Given a sorted array of size n, select k elements in the array, and reshuffle them back into the array, resulting in a new "nk-sorted" array.

查找在该新数组中移动的k个(或更少)元素.

Find the k (or less) elements that have moved in that new array.

这里是创建此类数组的(Python)代码,但我不在乎此语言.

Here is (Python) code that creates such arrays, but I don't care about language for this.

import numpy as np


def __generate_unsorted_array(size, is_integer=False, max_int_value=100000):
    return np.random.randint(max_int_value, size=size) if is_integer else np.random.rand(size)


def generate_nk_unsorted_array(n, k, is_integer=False, max_int_value=100000):
    assert k <= n
    unsorted_n_array = __generate_unsorted_array(n - k, is_integer, max_int_value=max_int_value)
    sorted_n_array = sorted(unsorted_n_array)
    random_k_array = __generate_unsorted_array(k, is_integer, max_int_value=max_int_value)
    insertion_inds = np.random.choice(n - k + 1, k, replace=True)  # can put two unsorted next to each other.
    nk_unsorted_array = np.insert(sorted_n_array, insertion_inds, random_k_array)
    return list(nk_unsorted_array)

这在复杂性约束下可行吗?

Is this doable under the complexity constraint?

这只是问题的一部分.排序"nk-sorted array"所需的整个问题都没有.在 O(n + klogk)

This is only part of the question.
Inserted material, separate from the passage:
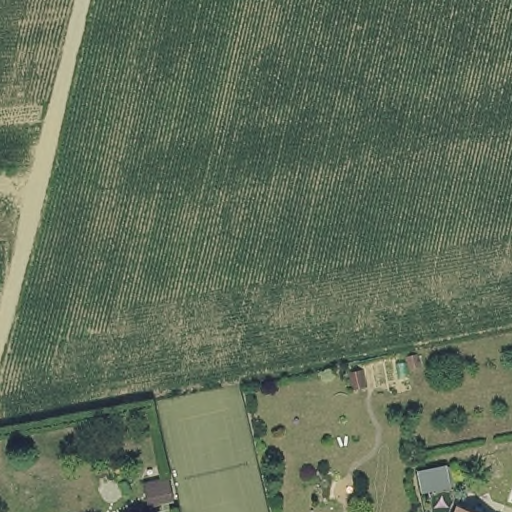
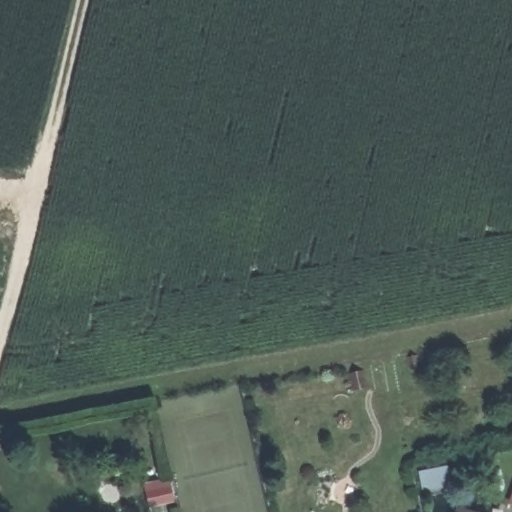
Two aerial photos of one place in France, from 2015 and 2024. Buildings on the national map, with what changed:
unchanged [(167,476),(173,502),(148,507),(142,482),(167,476)]

The whole question required to sort the "nk-sorted array" in O(n+klogk)

推荐答案

尽管@Gulzar的解决方案是正确的,但实际上并没有给我们 O(n + k * log k).问题出在 sort_nk_unsorted_list 函数中.不幸的是,从Python列表中删除任意项并不是固定的时间.实际上是 O(n) .这使整个算法的复杂度为 O(n + nk + k * log k)
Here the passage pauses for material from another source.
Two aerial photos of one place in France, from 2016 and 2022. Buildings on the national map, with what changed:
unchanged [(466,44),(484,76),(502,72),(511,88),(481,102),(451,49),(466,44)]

Even though @Gulzar's solution is correct, it doesn't actually give us O(n + k * log k).The problem is in the sort_nk_unsorted_list function. Unfortunately, deleting an arbitrary item from a Python list is not constant time. It's actually O(n). That gives the overall algorithm a complexity of O(n + nk + k * log k)

我们可以解决的问题是使用不同的数据结构.如果使用双向链接列表,则从该列表中删除项目实际上是 O(1).不幸的是,Python默认不附带一个.

What we can do to address this is use a different data structure. If you use a doubly-linked list, removing an item from that list is actually O(1). Unfortunately, Python does not come with one by default.

这是我的解决方案,可以实现 O(n + k * log k).

Here's my solution that achieves O(n + k * log k).

解决问题的入口函数:

def sort(list):
    in_order, out_of_order = separate_in_order_from_out_of_order(list)

    out_of_order.sort()

    return merge(in_order, out_of_order)

将有序元素与无序元素分开的功能:

The function that separates the in-order elements from the out-of-order elements:

def separate_in_order_from_out_of_order(list):
    list_dll = DoublyLinkedList.from_list(list)
    out_of_order = []

    current = list_dll.head

    while current.next is not None:
        if current.value > current.next.value:
            out_of_order.append(current.value)
            out_of_order.append(current.next.value)

            previous = current.prev

            current.next.remove()
            current.remove()

            current = previous
        else:
            current = current.next

    in_order = list_dll.to_list()

    return in_order, out_of_order

合并两个分开的列表的功能:

The function to merge the two separated lists:

def merge(first, second):
    """
    Merges two [sorted] lists into a sorted list.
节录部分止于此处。